While the statistics in The Great Inequality will leave you feeling angry and ready to make a revolution (if you hadn’t reached such a state long ago), the discussion of the daily assaults on the spirit and body for those who sell their labor power will push you over the edge for sure. Chapter five, aptly titled “Work is Hell,” examines factory and office existence today, suggesting that even if the Gini coefficient was 0—in other words, pure equality—there would still be compelling reasons to abolish a system based on the private ownership of the means of production.
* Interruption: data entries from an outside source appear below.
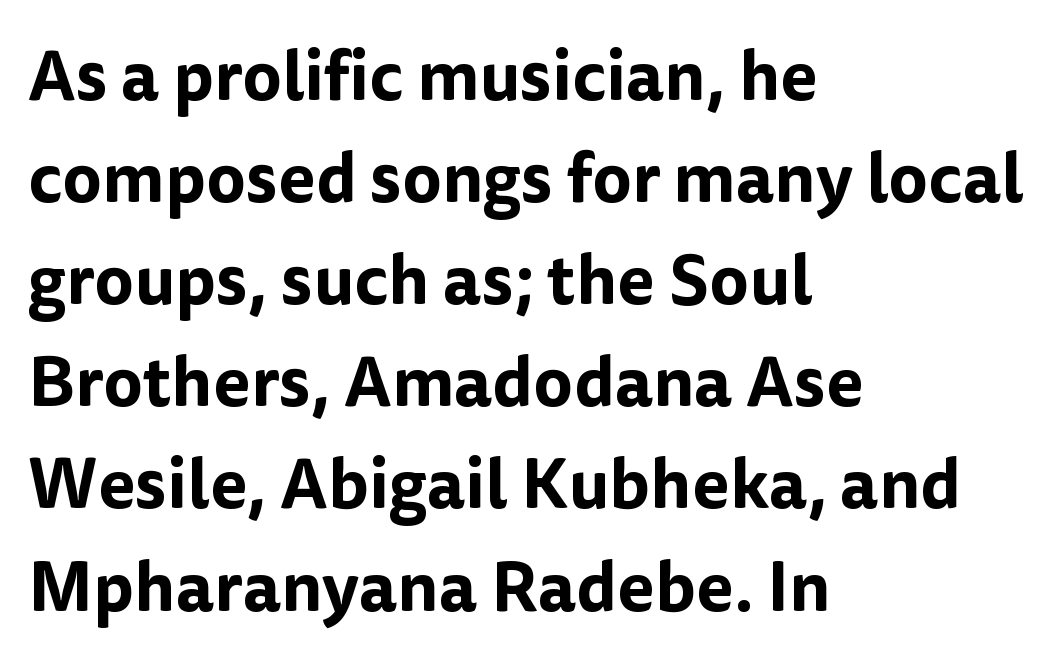
The face used here is rendered with its standard letterfit. Does the lettering tilt? It doesn't — this is upright. Nothing sits at the stroke ends, so this counts as sans-serif. These lines are rendered in a variable-pitch font. Any mark beneath the type? The region is blank. Does the copy run flush right? No — it runs flush left.
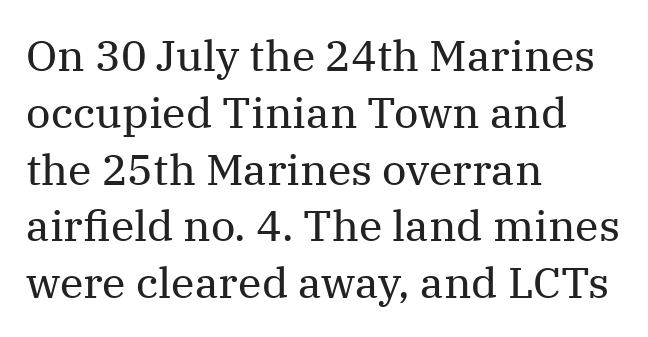
Q: Is the text bold? A: No.
Q: Is the text italic (slanted)? A: No, it is upright.
Q: Is the typeface a serif or a sans-serif typeface? A: Serif.
Q: Is the text underlined? A: No.
Q: How is the paragraph aligned? A: Left-aligned.
Q: Is the spacing between letters normal or unusually wide? A: Normal.
Q: Is the spacing between lines tight, normal or loose? A: Normal.
Q: Width (condensed, normal, or wide)? A: Normal.
Q: Stroke contrast? A: Medium.
Q: x-height? A: Medium.
Q: Monospaced? A: No.
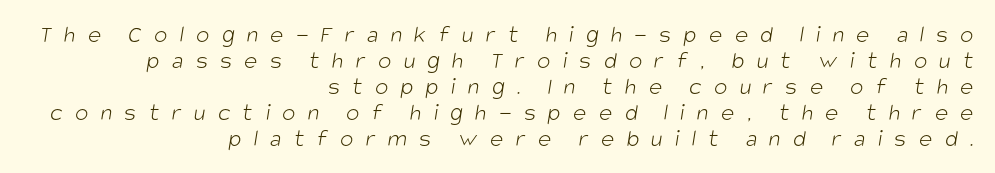
Q: Is the text bold? A: No.
Q: Is the text underlined? A: No.
Q: How is the paragraph aligned? A: Right-aligned.
Q: Is the spacing between letters normal or unusually wide? A: Unusually wide.
Q: Is the spacing between lines tight, normal or loose? A: Tight.
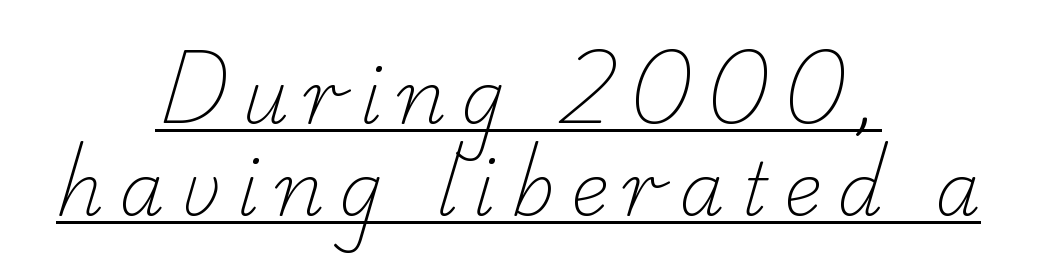
Q: Is the text bold? A: No.
Q: Is the typeface a serif or a sans-serif typeface? A: Serif.
Q: Is the text underlined? A: Yes.
Q: How is the paragraph aligned? A: Centered.
Q: Is the spacing between letters normal or unusually wide? A: Unusually wide.
Q: Is the spacing between lines tight, normal or loose? A: Normal.
Q: Width (condensed, normal, or wide)? A: Normal.
Q: Stroke contrast? A: Low.
Q: x-height? A: Small.
Q: Monospaced? A: No.
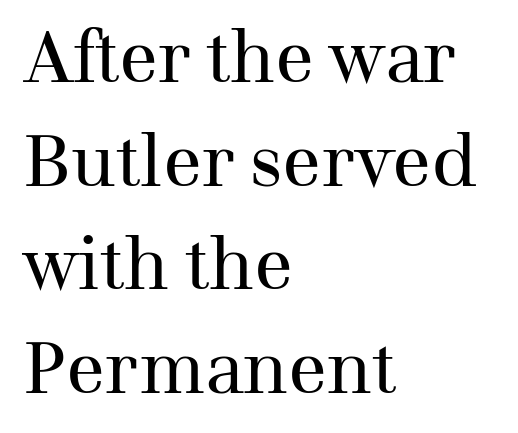
Q: Is the text bold? A: No.
Q: Is the text italic (slanted)? A: No, it is upright.
Q: Is the typeface a serif or a sans-serif typeface? A: Serif.
Q: Is the text underlined? A: No.
Q: How is the paragraph aligned? A: Left-aligned.
Q: Is the spacing between letters normal or unusually wide? A: Normal.
Q: Is the spacing between lines tight, normal or loose? A: Normal.
Q: Width (condensed, normal, or wide)? A: Normal.
Q: Stroke contrast? A: Medium.
Q: x-height? A: Medium.
Q: Monospaced? A: No.
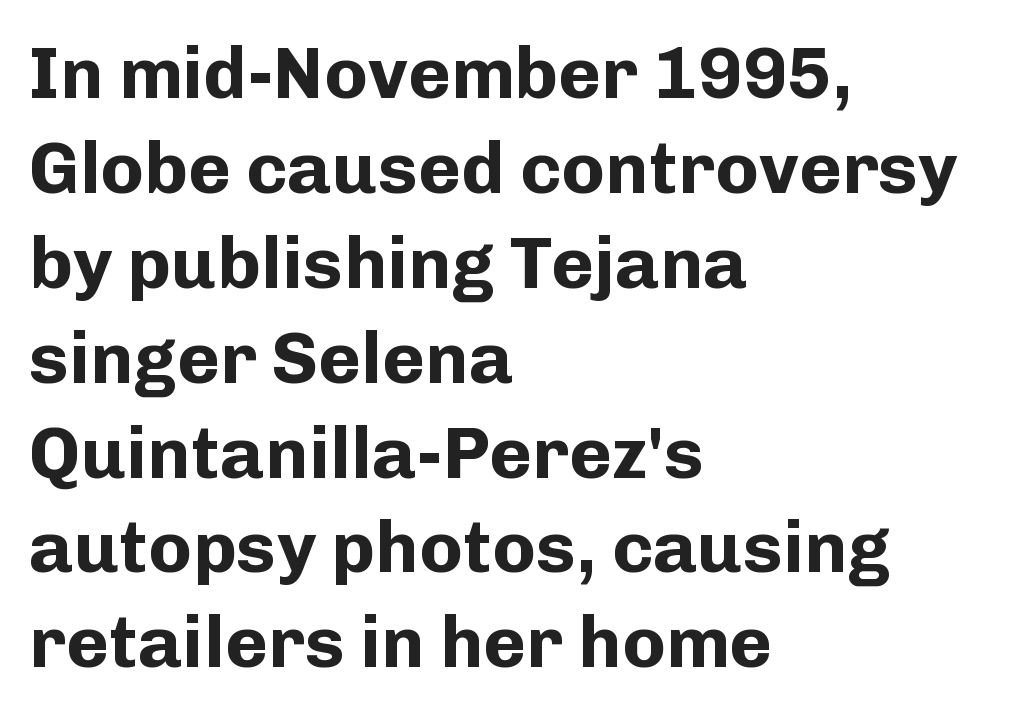
{"serif": "no", "italic": "no", "bold": "yes", "weight": "bold", "width": "normal", "stroke_contrast": "low", "x_height": "medium", "monospaced": "no", "underline": "no", "align": "left", "line_spacing": "normal", "line_spacing_ratio": 1.3, "letter_spacing": "normal", "letter_spacing_em": 0.0, "glyph_px": 73}
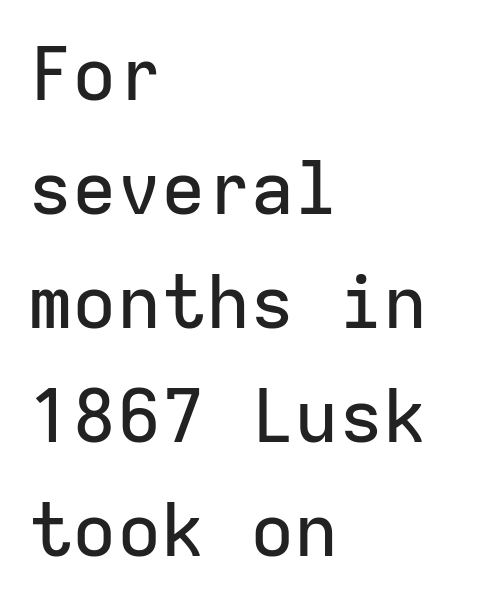
{"serif": "no", "italic": "no", "width": "normal", "stroke_contrast": "low", "x_height": "medium", "monospaced": "yes", "underline": "no", "align": "left", "line_spacing": "normal", "line_spacing_ratio": 1.54, "letter_spacing": "normal", "letter_spacing_em": 0.0, "glyph_px": 74}
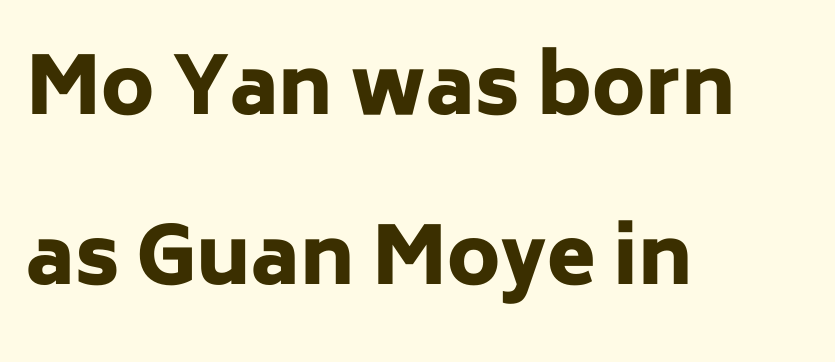
The image shows 79 px heavy sans-serif type, upright; set left-aligned, loose line spacing (2.15x), normal letter spacing, not underlined; low stroke contrast and a medium x-height.

I was struck by the mention of a certain class of workers who might not be thought of ordinarily in terms of Engels’s Condition of the Working Class in England, namely the crews of cruise ships that take people down to the Caribbean islands. They tend to be people of color from poor countries that do the most backbreaking work. If they are injured on the job, they must pay their own way back to their homeland even if better care is available in the USA. It is quite a comment on the values of Nation Magazine that it has used Holland America for its fundraising cruises with the leftist glitterati. Holland pays its largely Filipino and Indonesian crew $300 per month for a 10-to-13-hour workday, 7 days a week. In addition to screwing its workers, their ships constitute an ongoing threat to the environment. In just one violation, Holland dumped 20,000 gallons of raw sewage into the waters off Juneau, Alaska.
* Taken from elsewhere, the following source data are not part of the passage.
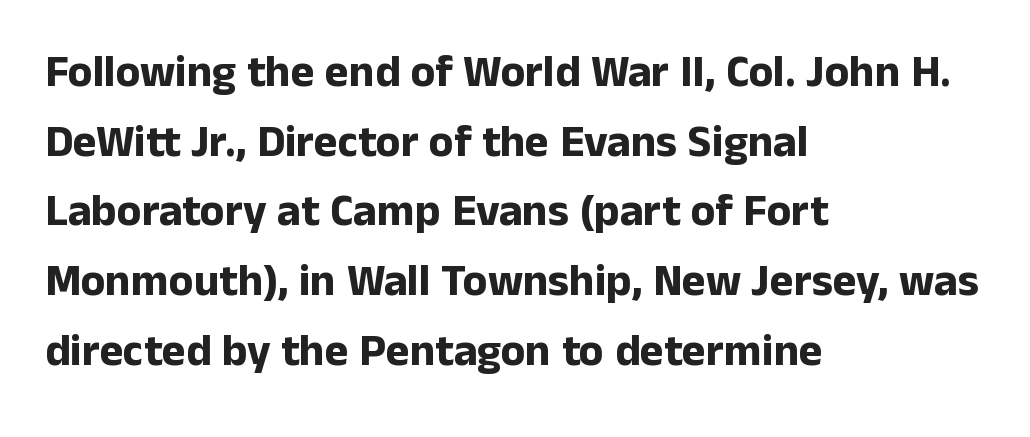
{"serif": "no", "italic": "no", "bold": "yes", "weight": "bold", "width": "normal", "stroke_contrast": "low", "x_height": "medium", "monospaced": "no", "underline": "no", "align": "left", "line_spacing": "normal", "line_spacing_ratio": 1.55, "letter_spacing": "normal", "letter_spacing_em": 0.0, "glyph_px": 45}
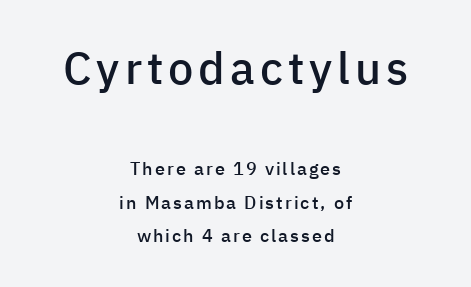
These lines are composed in type without serifs. Typesetter's note: demi weight, one step under bold. Any mark beneath the type? The region is blank. Note the varied advance widths — an 'i' is clearly narrower than an 'm'.
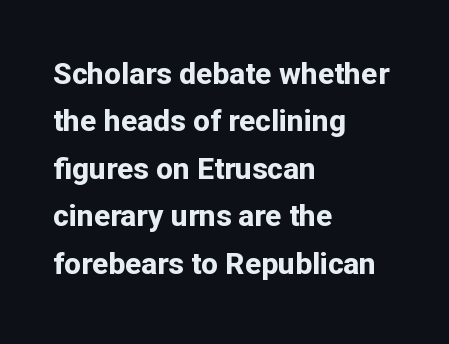
{"serif": "no", "italic": "no", "bold": "yes", "weight": "bold", "width": "normal", "stroke_contrast": "low", "x_height": "medium", "monospaced": "no", "underline": "no", "align": "left", "line_spacing": "normal", "line_spacing_ratio": 1.58, "letter_spacing": "normal", "letter_spacing_em": 0.0, "glyph_px": 30}
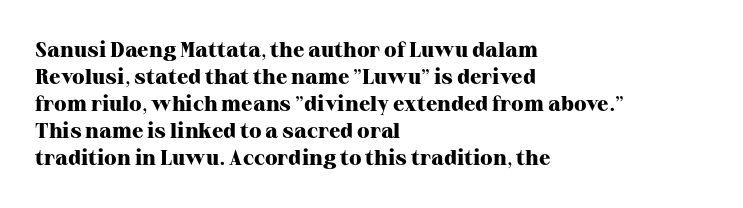
Q: Is the text bold? A: Yes.
Q: Is the text italic (slanted)? A: No, it is upright.
Q: Is the text underlined? A: No.
Q: How is the paragraph aligned? A: Left-aligned.
Q: Is the spacing between letters normal or unusually wide? A: Normal.
Q: Is the spacing between lines tight, normal or loose? A: Normal.
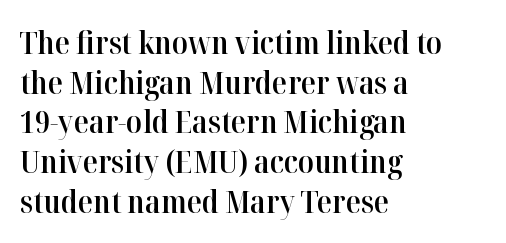
{"serif": "yes", "italic": "no", "bold": "semi", "weight": "semibold", "width": "normal", "stroke_contrast": "high", "x_height": "medium", "monospaced": "no", "underline": "no", "align": "left", "line_spacing": "normal", "line_spacing_ratio": 1.28, "letter_spacing": "normal", "letter_spacing_em": 0.0, "glyph_px": 31}

While it is only hinted at in The Great Inequality, there are political imperatives that flow inexorably from the economic miseries it describes. At the very top of a page titled Issues, you can see a link to the section “Income and Wealth Inequality” that states: “The real median income of male workers is $783 less than it was 42 years ago; while the real median income of female workers is over $1,300 less than it was in 2007.” But in the very next sentence, you discover the Achilles Heel of the 2016 Bernie Sanders campaign: “That is unacceptable and that has got to change.”

But how has that got to change?

By endorsing Hillary Clinton, who gives speeches to Goldman-Sachs for $225,000 a pop, Sanders was talking out of both sides of his mouth. This was obvious even to those on the left who found his campaign inspirational. In an article for New Politics titled “True Confession: I’ve Lost that Bernie Feeling,” Michael Hirsch lamented that Sanders let the plutocrat off the hook.
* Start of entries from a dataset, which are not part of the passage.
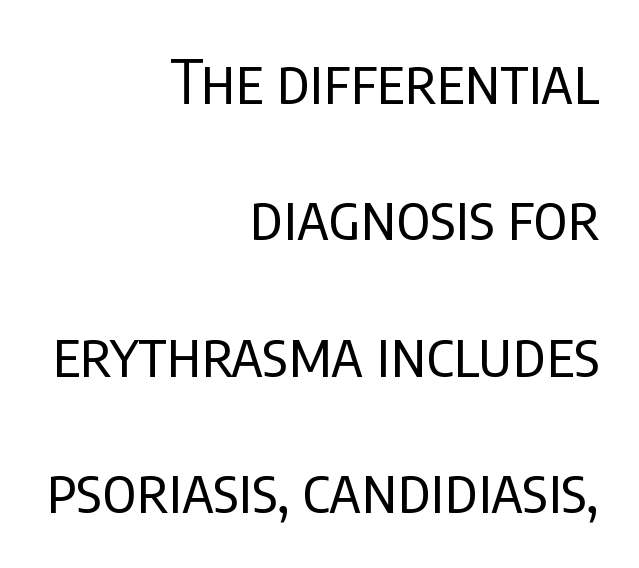
Whoever set this chose breathing room over compactness in the vertical rhythm. The passage shown is typed in a proportional face where columns would drift. Horizontal alignment here is rightward, an uncommon choice for prose. If you drew a line through each stem, it would be perfectly vertical. These glyphs show unthickened strokes, regular width or finer.
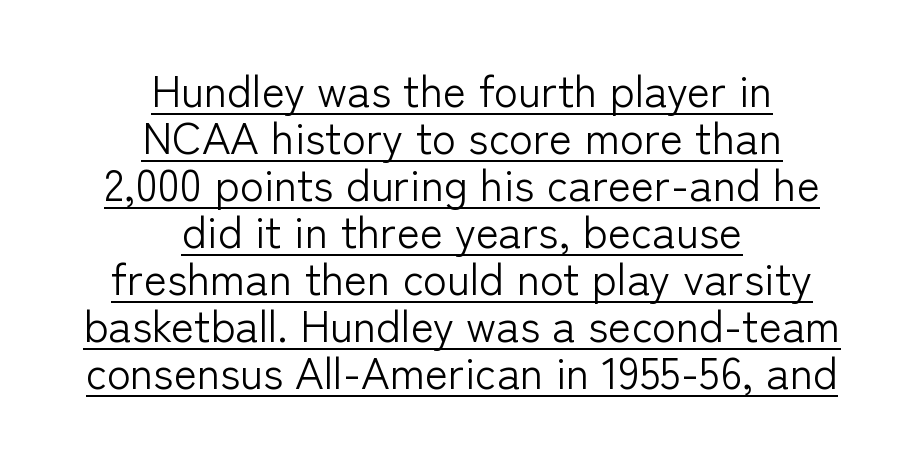
The image shows 44 px light sans-serif type, upright; set centered, tight line spacing (1.07x), normal letter spacing, underlined; low stroke contrast and a medium x-height.
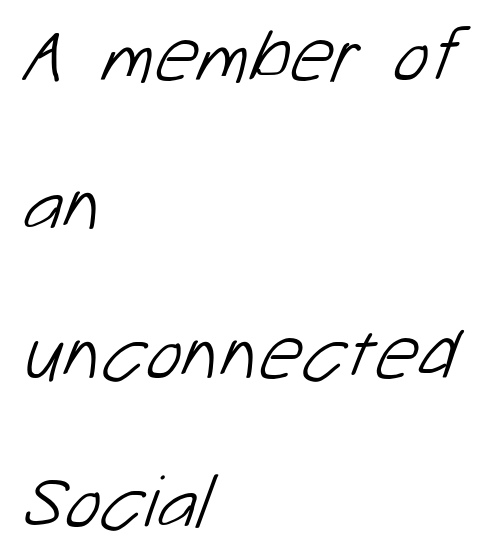
The image shows 76 px light sans-serif type; set left-aligned, loose line spacing (1.96x), normal letter spacing, not underlined; low stroke contrast and a medium x-height.
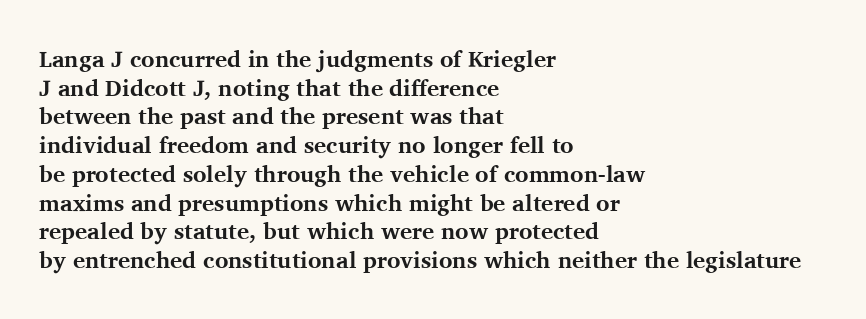
The image shows 23 px bold type, upright; set left-aligned, normal line spacing (1.25x), normal letter spacing, not underlined.
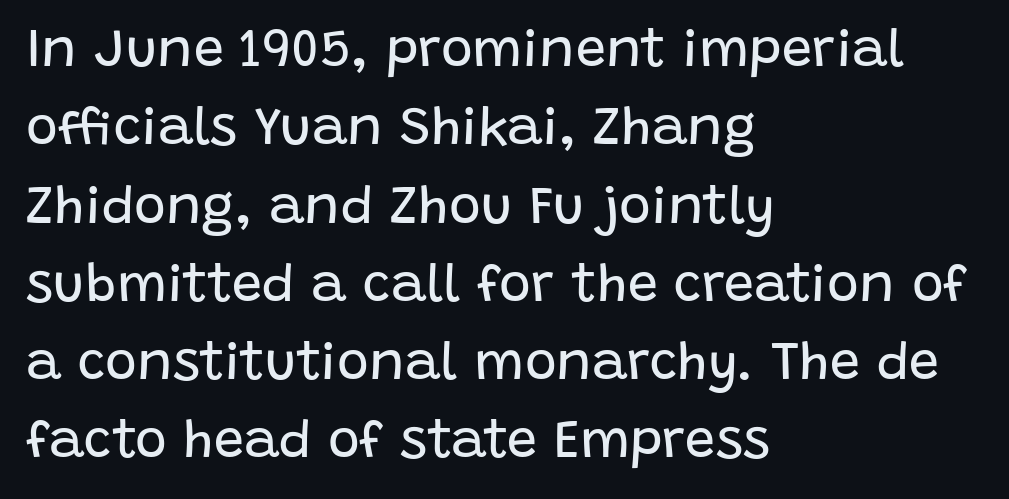
The image shows 54 px regular-weight sans-serif type, upright; set left-aligned, normal line spacing (1.45x), normal letter spacing, not underlined; low stroke contrast and a large x-height.

Bernie stoked a fire under millions of Americans but couldn’t muster campaign 2.0 beyond a fund-raising bonanza (no small thing) and promises of a confection of free stuff courtesy of the state, yet with too little attention to Hillary’s and Bill Clinton’s role as abettors of the very corporate oligarchy he so despises and has otherwise sketched so well.

After a yeoman job of revealing the economic divide in the USA, Yates has begun to connect the dots between politics and economics, an obligation that faces everybody who considers himself/herself a socialist. In an April 30, 2016 article for Truthout titled “Let's Get Serious About Inequality and Socialism,” Yates makes the case for socialism—not the Swedish model that no longer exists but the classless society envisioned by Karl Marx that remains just as necessary for humanity and nature as it was in the 19th century.

Perhaps the reality is that many of Sanders' leftist supporters have modest aims, believing that the most we can hope for is to take the first small steps to be like Denmark or Sweden. But those who believe that only gradual, piecemeal changes can occur are, in my view, embracing a dead-end strategy for achieving socialism. There are those of us who believe that, if we are radically prepared for it, sudden, revolutionary change could usher in the dream of a classless society – one that is egalitarian, radically democratic, with a surfeit of leisure, and with collectively provided goods and services. For us there is but one choice. Hold fast to our vision, put our shoulders to the wheel, and struggle on.